Choosing the Right Channel for Patient Attribution

When measuring the Return On Investment (ROI) from digital growth programs, physicians should be evaluating data based on patient attribution. Monitoring and measuring the quantity of appointments made means you are working backwards from an event or campaign to determine what channel gets the credit. Essentially, attribution is a technical term for knowing which marketing tactics are bringing in the most patients and incremental revenue lift. 

Your practice may have no shortage of loyal patients, but unless you know where those patients are coming from, decisions for future campaigns and budget allocations will be unclear. An attribution model that allows you to see where your patients are coming from, and from which channel.

Creating attribution campaigns and tracking helps inform you on where in the patient’s journey they converted. A typical patient journey looks something like this: 

Organic search

Doctor website

Facebook

Health plan

Appointment

Tracking this journey determines what step was responsible for the patient making an appointment – whether it was from a call-to-action (CTA) on your website or a Facebook ad campaign. While all the steps in the patient journey assist in the conversion, there is always one step that accounts for the majority of the “heavy lifting.”

Using Google Analytics

Using a tool like Google Analytics to track attribution funnels and campaigns helps follow the patient’s journey and help you determine what channels are most important to your patient attribution success. 

Google Analytics provides two attribution models. The first is a “last click” attribution, which gives 100% credit to the last click in the model – or the last click made before an appointment has been made. A multi-channel attribution model provides more in-depth insight on ROI and has the ability to integrate with Google Ad campaigns. If your practice currently runs Google Ads, this is an effective way to track leads that convert without making a large change in your marketing tactics. 

Google Analytics can also be used to track UTMs (Urchin Tracking Models), which are trackable links that can be used on social media to help your practice track the source of visits for a specific URL in an attribution campaign. 

Google Analytics can help track leads and funnel those leads into proper pipelines that track where they are in the conversion process. Tracking leads helps determine where people convert, what ads they see, and what CTAs are most effective. Google provides an additional layer of insight visibility through Custom Dimensions which allows leads to be segmented into specific types of journeys. The Google User Explorer is used to examine user behavior during their sessions within a conversion funnel.

Social Media Tracking

People who are looking for a physician or specialist make digital contact with a practice approximately 6 times before booking an appointment. Using trackable links helps provide insight on what social media channels are effective and where people are in the conversion funnel. 
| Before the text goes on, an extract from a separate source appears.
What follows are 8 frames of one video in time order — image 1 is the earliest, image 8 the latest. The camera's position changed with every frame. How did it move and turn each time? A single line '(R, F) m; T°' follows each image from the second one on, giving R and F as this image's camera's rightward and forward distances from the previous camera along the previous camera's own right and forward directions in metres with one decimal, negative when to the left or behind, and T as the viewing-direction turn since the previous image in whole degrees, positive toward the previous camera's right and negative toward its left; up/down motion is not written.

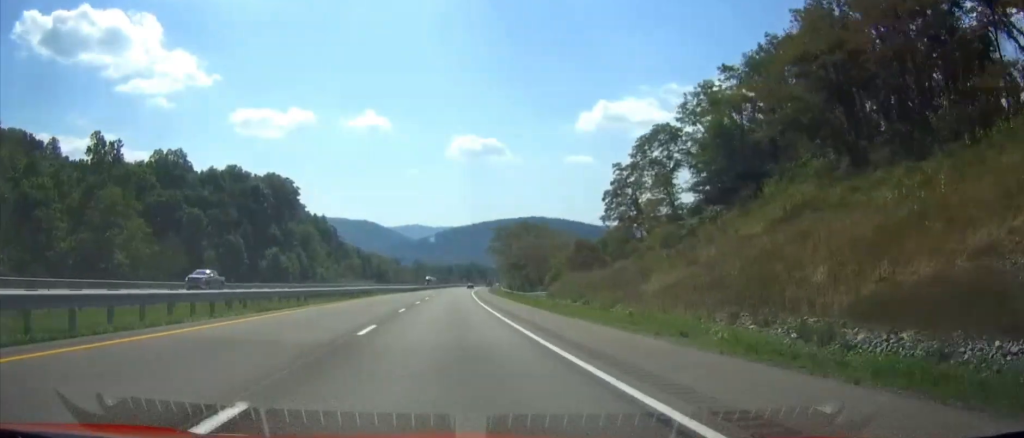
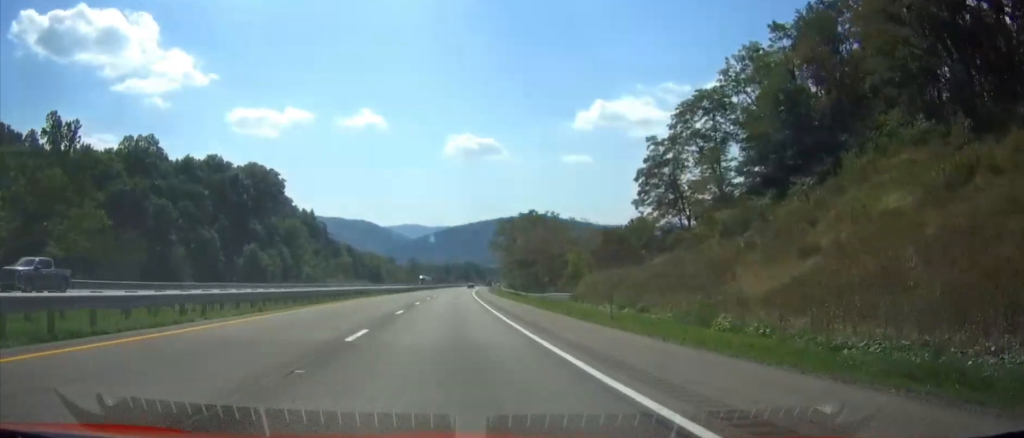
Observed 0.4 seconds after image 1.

Facebook conversion ad measurements can be set up to understand what ads are driving traffic and converting to patient appointments. This tracks conversions across a variety of devices – mobile or desktop – and assigns credit based on incremental data-driven statistics

Premium Profiles

For physicians, utilizing premium profiles on a healthcare-specific platform such as WebMD can help drive patient attribution at more effective rates than even social media. In fact, 83% of patients report visiting a physician’s profile and reading online reviews before making an appointment. Premium profiles have undergone recent advancements which allow appointment request buttons and call tracking capabilities. This makes it easier to track a patient’s journey and where they are in the conversion process. 

Learn How an Appointment is Made

Tracking patient attribution through the conversion funnel, using leads and an effective patient journey mapping tool. For most practices, their patient-facing administration and front desk staff are at the forefront of in-office conversions. A call tracking number might be the last click in an active campaign, depending on the attribution model and advertisements being created.

Have your front office staff trained on what ads are being created and currently running for patient attribution helps them be aware of where leads are coming from and how they can assist in creating high conversion rates. A simple training example follows these three steps: 

  1. Educate the front desk team on what ads are being ran and on which platforms
  2. Give them the necessary tools to contact leads as soon as they enter the pipeline to schedule an appointment
  3. Track those leads and conversions on a spreadsheet or third-party software. Follow the patient journey and learn if a lead has successfully converted

The goal is to convert as many leads as possible into appointments. Give your staff the tools and information they need to be successful in their efforts. This will result in a higher number of new patients.

A key factor in this strategy includes your front desk staff, who act as your clinic ambassadors. Frequently, they are the first person a new patient will speak with when making a new appointment. Have your staff well-trained to track leads and convert leads into patients is of the utmost importance. This is even more so critial as clinics turn to telemedicine and do not require in-office contact with their patients. 

Measuring and monitoring patient attribution, effective marketing campaigns, and patient ROI through utilization of Google Analytics or another third-party database creates a systematic way to follow a patient’s journey and have a higher patient attribution rate.